Tag: rioja

Top 10 Ways To Show Off At Wine Tasting

Wine tasting trips can be fun and exciting, especially if the destination is a superior winery located in a renowned wine region such as Napa Valley, Tuscany, Bordeaux, Rioja or any of the New World regions (Australia, New Zealand, Chile, Argentina).  These trips can also be intimidating given the massive amount of science that gets shared at a wine tasting – chemistry, botany, enology, viticulture, meteorology, soil science, and so much more.  Like all disciplines, grape growing and winemaking have their own lexicons and the jargon of the business can be overwhelming to say the least.  Next time you go wine tasting with your friends, we want you to stand out from the rest, but in a good way.  Go forth armed with these 10 suggestions and leave your friends stunned with your knowledge, sophistication and charm …

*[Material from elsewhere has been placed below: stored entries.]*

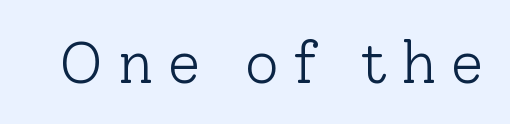
Q: Is the text bold? A: No.
Q: Is the text italic (slanted)? A: No, it is upright.
Q: Is the typeface a serif or a sans-serif typeface? A: Serif.
Q: Is the text underlined? A: No.
Q: Is the spacing between letters normal or unusually wide? A: Unusually wide.
Q: Width (condensed, normal, or wide)? A: Normal.
Q: Stroke contrast? A: Low.
Q: x-height? A: Medium.
Q: Monospaced? A: No.
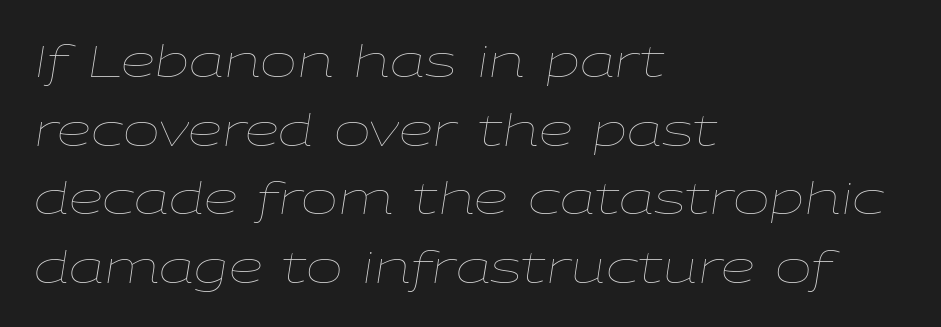
{"italic": "yes", "lean": "right", "slant_degrees": 9, "bold": "no", "weight": "thin", "width": "wide", "stroke_contrast": "low", "x_height": "medium", "monospaced": "no", "underline": "no", "align": "left", "line_spacing": "normal", "line_spacing_ratio": 1.56, "letter_spacing": "normal", "letter_spacing_em": 0.0, "glyph_px": 44}
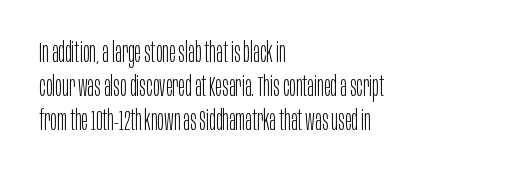
The image shows 28 px light, condensed sans-serif type, upright; set left-aligned, line spacing 1.21x, normal letter spacing, not underlined; low stroke contrast and a large x-height.
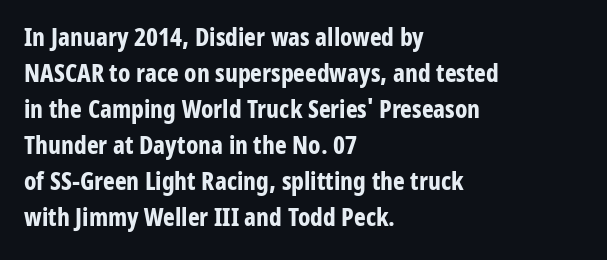
Nope, not italic — everything's standing straight. A normal amount of white space separates one row of letters from the next. Pretty heavy lettering here — definitely bold. Line starts are locked; line ends wander. Tracking here is standard; glyphs follow each other at the usual distance. Decoration check: the copy has no underline.
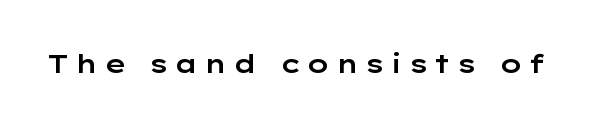
Posture: upright roman. Nobody drew a line under any word here. Honestly, the letter spacing is so wide it's the main thing you notice.
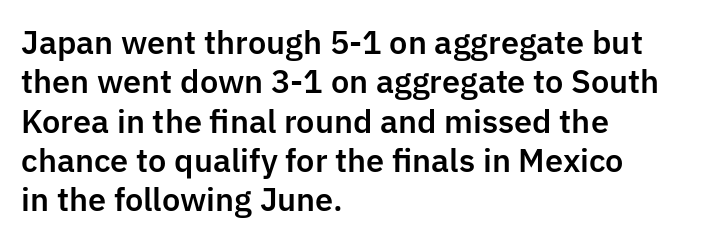
{"serif": "no", "italic": "no", "width": "normal", "stroke_contrast": "low", "x_height": "medium", "monospaced": "no", "underline": "no", "align": "left", "line_spacing": "normal", "line_spacing_ratio": 1.27, "letter_spacing": "normal", "letter_spacing_em": 0.0, "glyph_px": 31}
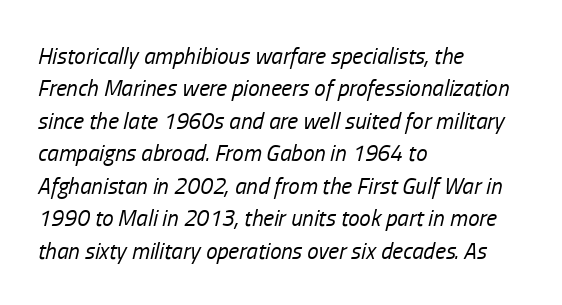
The image shows 23 px text type, italic (leaning right); set left-aligned, normal line spacing (1.41x), normal letter spacing, not underlined.

  1. Follow the Five S’s.  Yes we know that when you and your friends were in college you gulped the $5 chardonnay down like it was water.  You must leave that in the past and from now on you must learn to savor the wine and faithfully follow the Five S’s of wine tasting:  See, Swirl, Sniff, Sip and Savor.  Yes, you’re eager to taste the wine, that’s natural. But wine tasting requires a bit of foreplay and you’re just going to have to wait before you get the wine in your mouth.
  2. Have something interesting to say about the wine.  The whole point of the Five S’s is to make observations about the wine.  So when you’re in the “See” mode, tell your group what you see, and try to be more descriptive than “it’s white” or  “it’s red.”  At most wineries you’ll taste both white and red wines and you should pay attention to the different levels of clarity, viscosity, brightness and color.  If you’re tasting a Sauvignon Blanc, for example, you’ll be sure to impress if you use “pale straw” as a descriptor.  For extra points, you might identify the appearance of green as a secondary color.  When you have moved on to the red wines use words like “garnet” and, if you are tasting a very dark wine, “inky.”  Okay, once you’ve seen and swirled, it’s time to sniff, the step considered by many sommeliers and wine experts to be the most important part of the wine tasting experience.  So stick your nose in that glass and come up with something better than “it smells like alcohol” or “it smells like grape juice.”  Yes, there is fruit juice in your glass, but come on, you can do better than that.  When tasting white wines, there are some basic flavor profiles that you can build your comments around:  citrus, tree fruit, stone fruit, and tropical.  Try these phrases on for size:  “I’m definitely getting citrus on the nose.”  If you want to push it a bit more, get more specific:  maybe you’re picking up hints of lemon.  The truly ambitious show-off might be so bold as to identify grapefruit …or even pink grapefruit!  At a wine tasting for Chardonnay (especially one made in the “French” style) or a Pinot Grigio, identifying citrus is a safe bet.  For other whites, the predominant aroma might be apple, pear or one of the stone fruits (peach, apricot, nectarine).   Some white wines, including those that have been aged in 100% new oak, will present tropical fruit aromas (pineapple, mango, papaya, banana).   In truth, it is not uncommon for a white wine to have aromas of several flavor profiles. You might throw out to the group something like “I’m definitely getting citrus but is anyone getting stone fruit as well?”  You can then debate whether it’s more like peach or nectarine, and whether it’s ripe or unripe.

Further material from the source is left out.